Compared the RP strategy with the RPS strategy, we found that the RPS strategy is more remarkable in rapid containment of the infection due to the support of subsidy for vaccine cost. Next, the global information with the incorporation of the information on asymptomatic individuals brings more objective epidemic severity and higher risk perception than limited local information, leading to a higher vaccine coverage. Considering that excess vaccination cost leads to a higher social cost after herd immunity, information source based on both global information and local information is proper for controlling the epidemic spread while reducing the social economic burden. Besides, only long-term and high protective vaccines can delay the epidemic by inspiring individuals to vaccinate. In addition, the time-sensitive effect of the vaccine affects vaccination behavior more than the vaccine efficiency, therefore, more attention should be paid to the duration time of protection when developing a vaccine.

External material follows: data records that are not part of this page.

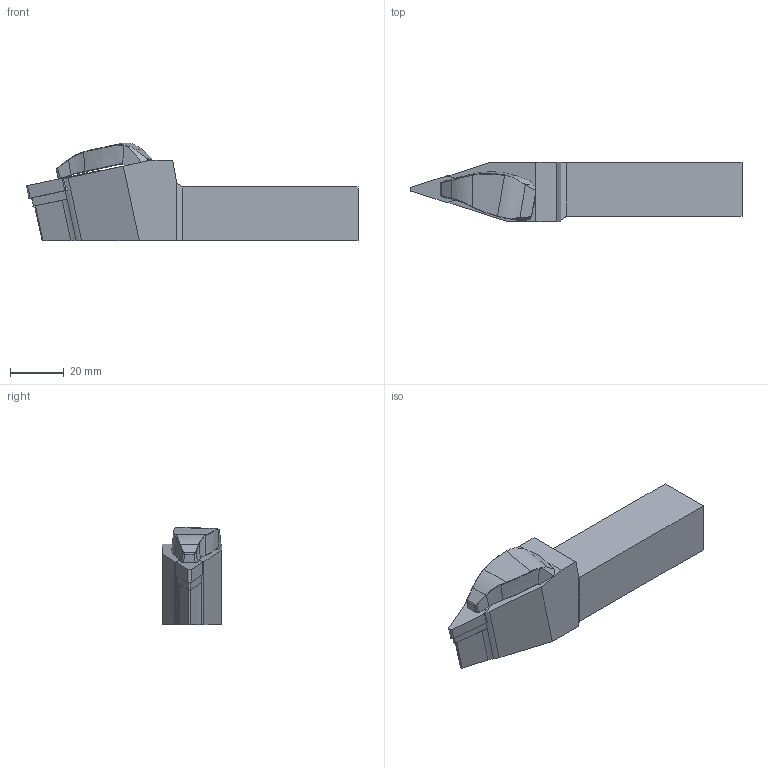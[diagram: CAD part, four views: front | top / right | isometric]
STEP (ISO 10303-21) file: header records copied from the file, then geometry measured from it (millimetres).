
FILE_DESCRIPTION(/* description */ (''),/* implementation_level */ '2;1');
FILE_NAME(/* name */ 'TVVNN-2020-K16-H.stp',/* time_stamp */ '2023-10-16T10:55:24+03:00',/* author */ (''),/* organization */ (''),/* preprocessor_version */ 'ST-DEVELOPER v19.4',/* originating_system */ 'SIEMENS PLM Software NX2306.3001',/* authorisation */ '');
FILE_SCHEMA (('AUTOMOTIVE_DESIGN { 1 0 10303 214 3 1 1 1 }'));
Length unit declared in the file: millimetre
Products named in the file (1): TVVNN-2020-K16-H
Bounding box: 123.18 x 22 x 36.29 mm (x, y, z)
Volume: 52171.1 mm3; surface area: 12223.1 mm2
Topology: 2 solids, 2 shells, 126 faces, 324 edges, 202 vertices
Faces by surface type: plane 64, bspline 25, cylinder 22, cone 12, extrusion 2, torus 1
Entity records: 4151 total; most frequent: CARTESIAN_POINT 1244, ORIENTED_EDGE 644, DIRECTION 479, EDGE_CURVE 322, VERTEX_POINT 202, VECTOR 165, LINE 163, AXIS2_PLACEMENT_3D 157
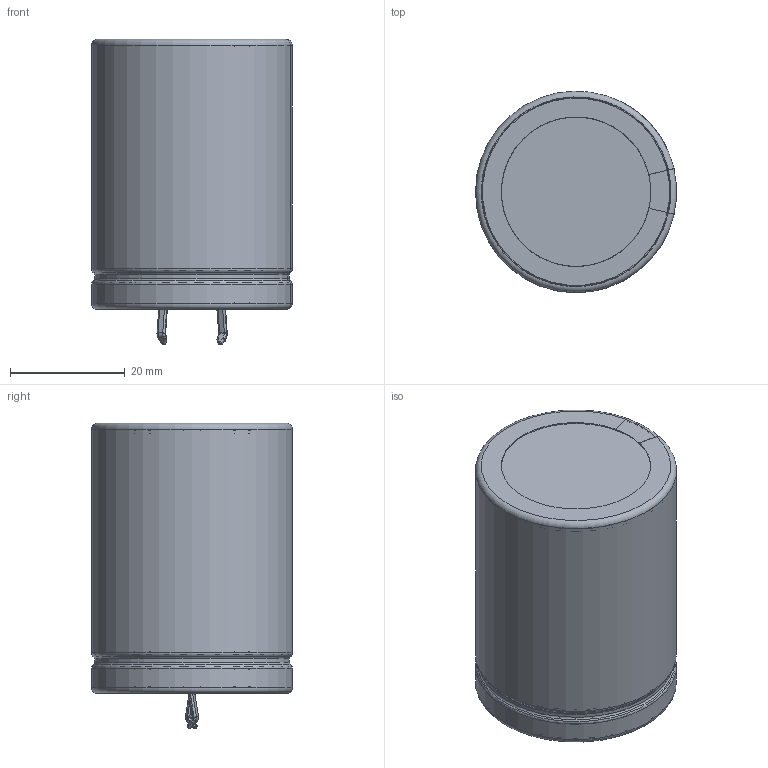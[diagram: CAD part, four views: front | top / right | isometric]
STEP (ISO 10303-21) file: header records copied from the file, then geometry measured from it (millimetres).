
FILE_DESCRIPTION(/* description */ ('Unknown','CAx-IF Rec.Pracs.---Representation and Presentation of Product Manufacturing Information (PMI)---4.0---2014-10-13','CAx-IF Rec.Pracs.---3D Tessellated Geometry---0.4---2014-09-14','2;1'),/* implementation_level */ '2;1');
FILE_NAME(/* name */ 'CP_Wurth_WCAP-AIG8-P10D35L47',/* time_stamp */ '2025-01-07T10:03:20+08:00',/* author */ ('Unknown'),/* organization */ ('Unknown'),/* preprocessor_version */ 'ST-DEVELOPER v16.7',/* originating_system */ 'Solid Edge',/* authorisation */ 'Unknown');
FILE_SCHEMA (('AP242_MANAGED_MODEL_BASED_3D_ENGINEERING_MIM_LF { 1 0 10303 442 1 1 4 }'));
Length unit declared in the file: metre
Products named in the file (2): CP_Wurth_WCAP-AIG8-P10D35L47
Assembly tree (1 placements, depth 2):
  CP_Wurth_WCAP-AIG8-P10D35L47
    CP_Wurth_WCAP-AIG8-P10D35L47
Bounding box: 34.96 x 34.99 x 53.14 mm (x, y, z)
Volume: 44210.2 mm3; surface area: 20520.9 mm2
Topology: 1 solids, 3 shells, 605 faces, 1520 edges, 977 vertices
Faces by surface type: plane 350, cylinder 146, bspline 60, torus 33, sphere 16
Full cylindrical faces by diameter (mm): 4.5 x2, 25 x1, 26 x1, 29 x1, 33 x1, 33.5 x1, 33.52 x1, 34.58 x2, 34.6 x2
Entity records: 25062 total; most frequent: CARTESIAN_POINT 6640, ORIENTED_EDGE 2928, DIRECTION 2888, EDGE_CURVE 1464, AXIS2_PLACEMENT_3D 1084, VERTEX_POINT 968, LINE 720, VECTOR 720
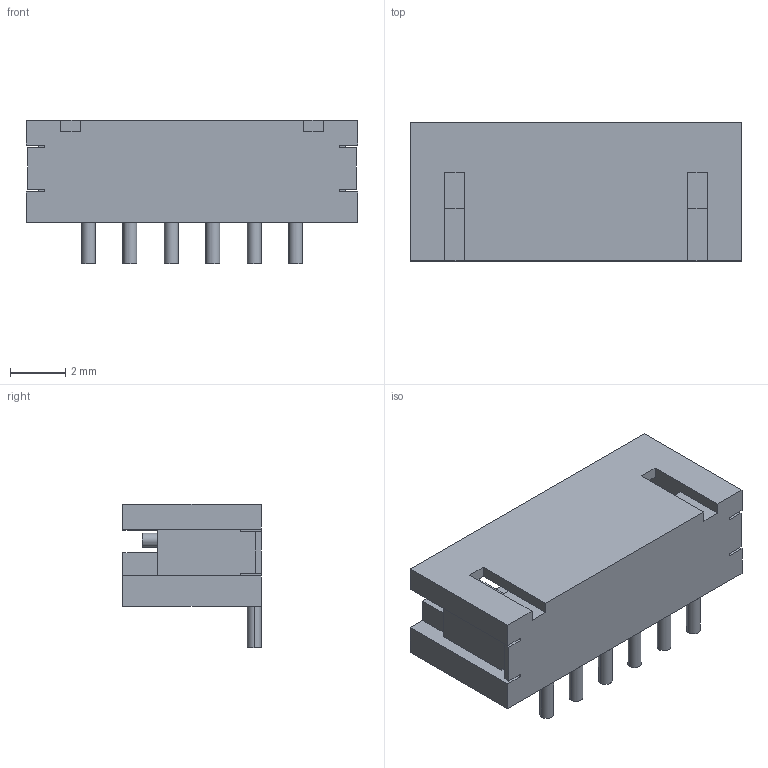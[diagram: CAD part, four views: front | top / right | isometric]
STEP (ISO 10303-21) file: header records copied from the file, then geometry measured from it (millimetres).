
FILE_DESCRIPTION (( 'STEP AP214' ), '1' );
FILE_NAME ('User Library-ZH1.5-6P.STEP', '2020-01-22T11:55:13', ( '' ), ( '' ), 'SwSTEP 2.0', 'SolidWorks 2019', '' );
FILE_SCHEMA (( 'AUTOMOTIVE_DESIGN' ));
Length unit declared in the file: millimetre
Products named in the file (1): User Library-ZH1.5-6P
Bounding box: 12 x 5 x 5.2 mm (x, y, z)
Volume: 131.8 mm3; surface area: 380.3 mm2
Topology: 13 solids, 13 shells, 106 faces, 246 edges, 162 vertices
Faces by surface type: plane 82, cylinder 24
Entity records: 3140 total; most frequent: CARTESIAN_POINT 515, DIRECTION 508, ORIENTED_EDGE 492, EDGE_CURVE 246, VECTOR 198, LINE 198, VERTEX_POINT 162, AXIS2_PLACEMENT_3D 155
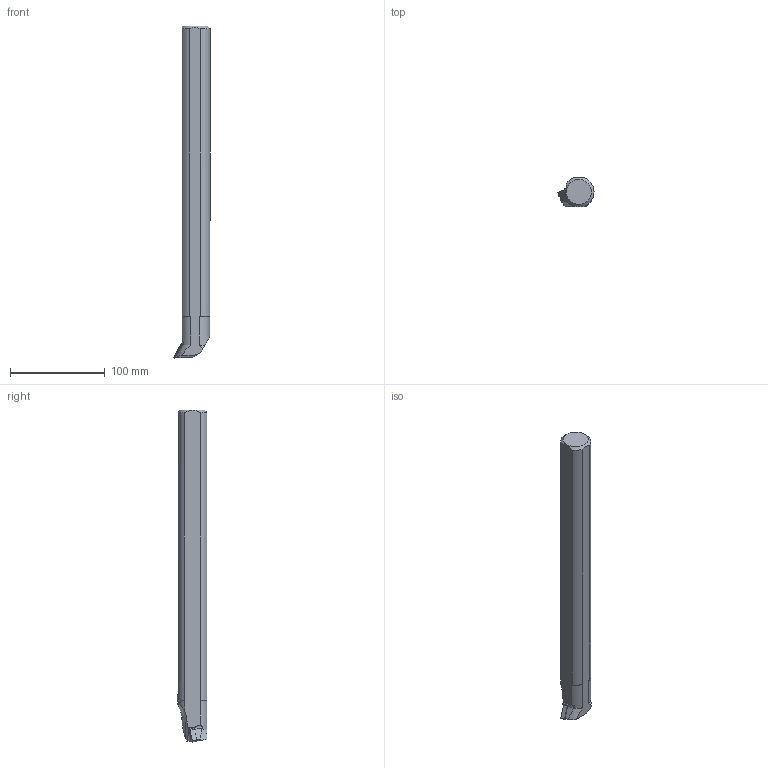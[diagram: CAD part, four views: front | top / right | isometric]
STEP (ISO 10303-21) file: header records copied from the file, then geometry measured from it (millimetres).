
FILE_DESCRIPTION(/* description */ (''),/* implementation_level */ '2;1');
FILE_NAME(/* name */ '1527585282264.stp',/* time_stamp */ '2018-05-29T11:14:45+02:00',/* author */ (''),/* organization */ ('SMS'),/* preprocessor_version */ 'ST-DEVELOPER v15',/* originating_system */ 'SIEMENS PLM Software NX 8.5',/* authorisation */ '');
FILE_SCHEMA (('AUTOMOTIVE_DESIGN { 1 0 10303 214 3 1 1 1 }'));
Length unit declared in the file: millimetre
Products named in the file (4): ASSEMBLY_CONSTRUCTION; IsoTurningInsert; 201673129mod000_00; 201678938mod000_00
Assembly tree (3 placements, depth 2):
  201678938mod000_00
    201673129mod000_00
    IsoTurningInsert
    ASSEMBLY_CONSTRUCTION
Bounding box: 37.95 x 30.99 x 349.97 mm (x, y, z)
Volume: 257430.4 mm3; surface area: 35759 mm2
Topology: 2 solids, 2 shells, 43 faces, 115 edges, 84 vertices
Faces by surface type: plane 24, cylinder 14, cone 5
Full cylindrical faces by diameter (mm): 3.81 x1
Entity records: 1611 total; most frequent: CARTESIAN_POINT 348, DIRECTION 245, ORIENTED_EDGE 222, EDGE_CURVE 111, AXIS2_PLACEMENT_3D 92, VERTEX_POINT 75, LINE 61, VECTOR 61
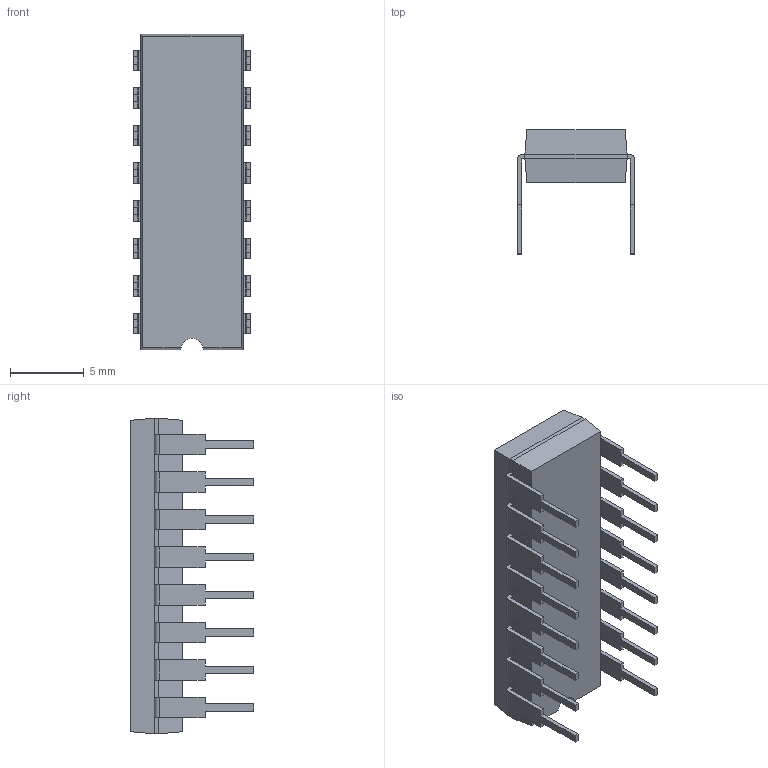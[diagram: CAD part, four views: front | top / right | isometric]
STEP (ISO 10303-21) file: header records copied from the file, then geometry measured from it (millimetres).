
FILE_DESCRIPTION (( 'STEP AP214' ), '1' );
FILE_NAME ('LM13700N_NOPB.STEP', '2024-07-26T16:38:56', ( '' ), ( '' ), 'SwSTEP 2.0', 'SolidWorks 2021', '' );
FILE_SCHEMA (( 'AUTOMOTIVE_DESIGN' ));
Length unit declared in the file: millimetre
Products named in the file (1): LM13700N_NOPB
Bounding box: 7.9 x 8.38 x 21.34 mm (x, y, z)
Volume: 539.4 mm3; surface area: 767.9 mm2
Topology: 17 solids, 17 shells, 244 faces, 622 edges, 412 vertices
Faces by surface type: plane 209, cylinder 35
Entity records: 7446 total; most frequent: CARTESIAN_POINT 1303, ORIENTED_EDGE 1244, DIRECTION 1170, EDGE_CURVE 622, LINE 548, VECTOR 548, VERTEX_POINT 412, AXIS2_PLACEMENT_3D 311

Our work may help to provide some suggestions for designing the policy that promotes individuals to take the vaccine. However, this paper also has limitations. For simplicity, we assume that all vaccinated individuals can receive the same subsidies, neglecting the difference in subsidies based on different infection risk. As for future work, different subsidies for high risk individuals and low risk individuals can be considered to provide a more accurate plan for vaccine policy design.